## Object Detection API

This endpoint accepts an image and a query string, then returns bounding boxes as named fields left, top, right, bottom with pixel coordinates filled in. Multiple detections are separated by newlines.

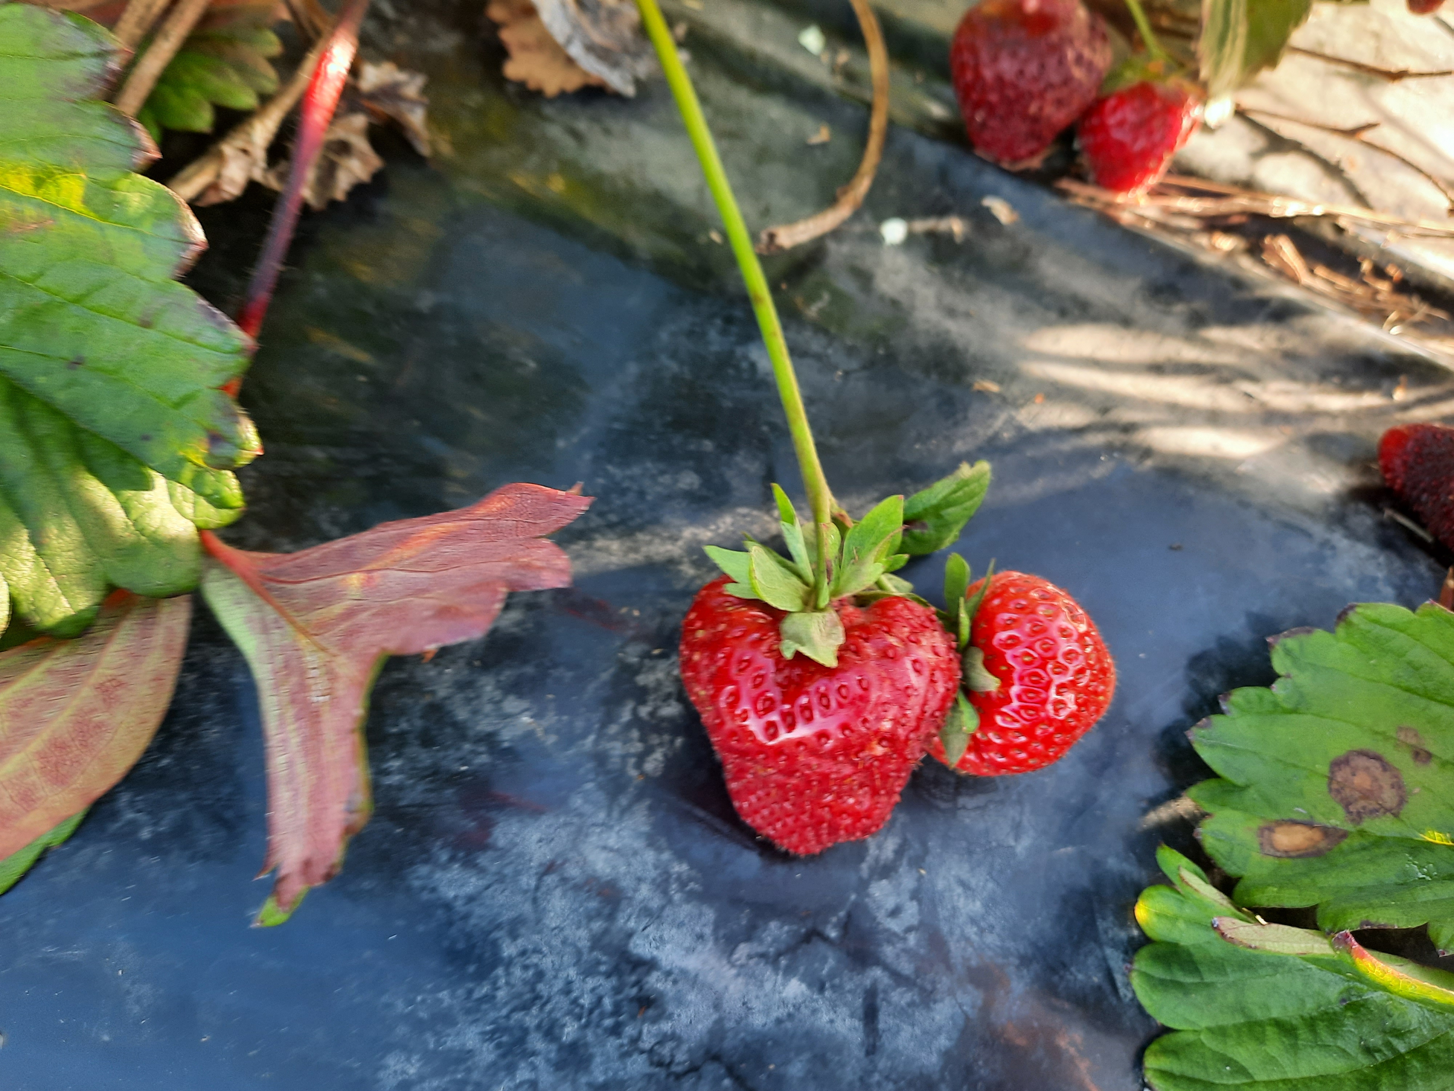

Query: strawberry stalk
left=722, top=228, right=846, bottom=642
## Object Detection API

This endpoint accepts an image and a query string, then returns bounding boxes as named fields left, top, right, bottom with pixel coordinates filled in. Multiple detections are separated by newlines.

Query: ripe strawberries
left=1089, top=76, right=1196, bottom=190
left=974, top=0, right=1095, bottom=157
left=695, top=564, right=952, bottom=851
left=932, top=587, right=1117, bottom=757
....
WORK ORDER
Everything in the data except the pictures should be restated word for word.

ANSWER FOR THIS EXERCISE
## Object Detection API

This endpoint accepts an image and a query string, then returns bounding boxes as named fields left, top, right, bottom with pixel coordinates filled in. Multiple detections are separated by newlines.


Query: strawberry stalk
left=722, top=228, right=846, bottom=642
## Object Detection API

This endpoint accepts an image and a query string, then returns bounding boxes as named fields left, top, right, bottom with pixel coordinates filled in. Multiple detections are separated by newlines.

Query: ripe strawberries
left=1089, top=76, right=1196, bottom=190
left=974, top=0, right=1095, bottom=157
left=695, top=564, right=952, bottom=851
left=932, top=587, right=1117, bottom=757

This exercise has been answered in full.